Numerical calculation could not guarantee the maximum is exactly 1 (, but should be very close to 1).

kroluk commented 6 years ago

Hi Xiuwen, thanks for the quick answer. Pleas find the result below.

Setting the threshold to 1.0 still prunes approx. 450 markers.
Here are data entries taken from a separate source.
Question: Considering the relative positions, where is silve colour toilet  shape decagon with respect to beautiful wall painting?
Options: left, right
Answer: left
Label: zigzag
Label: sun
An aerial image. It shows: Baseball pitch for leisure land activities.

The "border-threshold" is at about 1.000000000000001. So indeed very close to 1.

snpset <- snpgdsLDpruning(GDSgenofile, method="corr", ld.threshold= 1.0, maf = 0.05, missing.rate = 0.05) SNP pruning based on LD: Excluding 0 SNP on non-autosomes Excluding 171 SNPs (monomorphic: TRUE, MAF: 0.05, missing rate: 0.05) Working space: 315 samples, 13,450 SNPs using 1 (CPU) core sliding window: 500,000 basepairs, Inf SNPs |LD| threshold: 1 method: correlation Chromosome 1: 95.46%, 820/859 Chromosome 2: 94.48%, 1,096/1,160 Chromosome 3: 92.53%, 471/509 Chromosome 4: 97.49%, 816/837 Chromosome 5: 97.80%, 889/909 Chromosome 6: 97.58%, 323/331 Chromosome 7: 94.66%, 691/730 Chromosome 8: 96.64%, 892/923 Chromosome 9: 98.45%, 191/194 Chromosome 10: 94.29%, 396/420 Chromosome 11: 95.14%, 470/494 Chromosome 12: 97.85%, 91/93 Chromosome 13: 94.54%, 849/898 Chromosome 14: 92.61%, 1,003/1,083 Chromosome 15: 97.13%, 338/348 Chromosome 16: 94.37%, 771/817 Chromosome 17: 95.69%, 911/952 Chromosome 18: 96.84%, 276/285 Chromosome 19: 95.94%, 875/912 Chromosome 20: 95.83%, 620/647 Chromosome 21: 96.82%, 213/220 13,002 markers are selected in total.